Глава вторая КОТОМОШНИКИ

We use cookies. Read the Privacy and Cookie Policy

Когда Ваньке исполнилось семнадцать лет, ему понадобились новые сапоги, потому что отцовские больше не налезали на ноги. Весь месяц в доме шли разговоры о покупке сапог, но разговоры ни к чему не привели. Дома его заставляли квасить капусту, ходить за коровой, полоть на огороде. В школе он не учился, потому что отец отказался отдавать его в советскую школу, и в семнадцать лет Ванька был неграмотен.

Жизнь складывалась неудачно. Дом, хозяйство, шатанья по базару — вот и весь его житейский круг.

В семье во всем винили революцию. Она отняла ренту, призовые двадцать тысяч, выбила отца из колеи, сломила здоровье матери.

Покамест оставались кое-какие сбережения, жить можно было не так уж плохо, но с каждым годом золотых становилось все меньше и меньше, и чугунная шкатулка, которую прятал Коровин на чердаке, все чаще появлялась в комнате: он пересчитывал оставшийся капитал. Потом стали продавать вещи. Жить стало трудней.

Каждый день Ванька ходил на Биржу труда, но за весь год его только четыре раза посылали на временную работу — однажды он рыл канаву для каких-то труб, в другой раз грузил картошку и еще два раза разбирал железный лом. Была безработица.

Тем временем стало известно, что на месте коровинских покосов начались работы по добыче колчедана. На руднике требовалась рабочая сила, и многие ушли туда из города. Ванька тоже был бы не прочь пойти на рудник, но отец об этом и слышать не хотел. И, несмотря на это, в доме Ваньку попрекали, что он даром хлеб ест.

Осенью тяжело заболела мать, приходила бабка из Гольянки, но ничем не помогла. Доктора звать отец отказался, он слишком хорошо знал полкового врача Федорченко, чтобы уважать медицину.

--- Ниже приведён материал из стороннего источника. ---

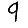
Digit: 9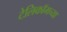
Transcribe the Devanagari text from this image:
टेलिकॉमच्या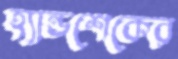
হ্যান্ডশেকের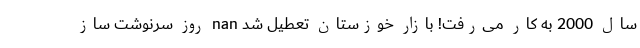
سال 2000 به کار می‌رفت! بازار خوزستان تعطیل شد nan روز سرنوشت ساز

Утром бабка пришла снова и разбудила Ваньку бормотаньем заговора на восстановление здоровья.

Ванька молча натянул рваные, рыжие от старости сапоги. В комнате горела восьмилинейная лампа. Свет ее был прикручен, в углу за печкой шумели тараканы.

Он достал из шкафчика краюху хлеба и, кусая ее, пошел к двери. Навстречу из сеней вышел отец. Он был в исподнем, борода его была всклокочена, глаза мутные. В левой руке он держал свечку.

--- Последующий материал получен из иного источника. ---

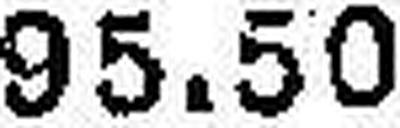
95.50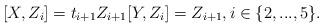
LaTeX: \begin{align*} [X,Z_i] = t_{i+1} Z_{i+1} [Y,Z_i] = Z_{i+1}, i \in \{2,...,5\}. \end{align*}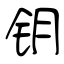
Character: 钥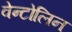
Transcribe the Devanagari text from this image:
वेन्टोलिन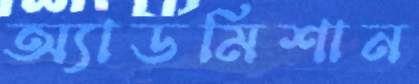
অ্যাডমিশান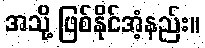
အသို့ ဖြစ်နိုင်အံ့နည်း။

— Куда? — спросил он и загородил дорогу.

— Пусти, отец, — глухо сказал Ванька.

— Куда идешь? — заорал отец и схватил его за грудь.

На Биржу Ваньке было рано, и отец сразу понял, что Ванька хочет идти на рудник. Он крепко держал его и тряс, приговаривая сквозь стиснутые зубы:

— Не пойдешь, не пойдешь…

Ванька с силой ударил отца по руке, вырвался и шагнул к двери. Он слышал, как закричали мать и бабка, как ругался отец. Он вышел на улицу и пошел прочь.

Было еще совсем темно. В тишине утра слышен был шум завода, и где-то во дворах кричали охрипшие петухи. «Ладно, — шептал Ванька, — ладно». Других слов не приходило в голову.

Рассвет был мутный. Накрапывал дождь. Над заводом висело дымное, багровое зарево.

Он шел по дороге. Кругом был лес. На деревьях просыпались птицы. Сосны и ели стояли беззвучно. Дорога была размыта, грязные лужи хлюпали под его сапогами. Дорогу он знал. Она шла прямо от города, через лес, к холму. Рудник был на возвышенности. Ваньке было все равно. Пусть отец его проклянет, пусть выгонит из дому, жить так он больше не мог.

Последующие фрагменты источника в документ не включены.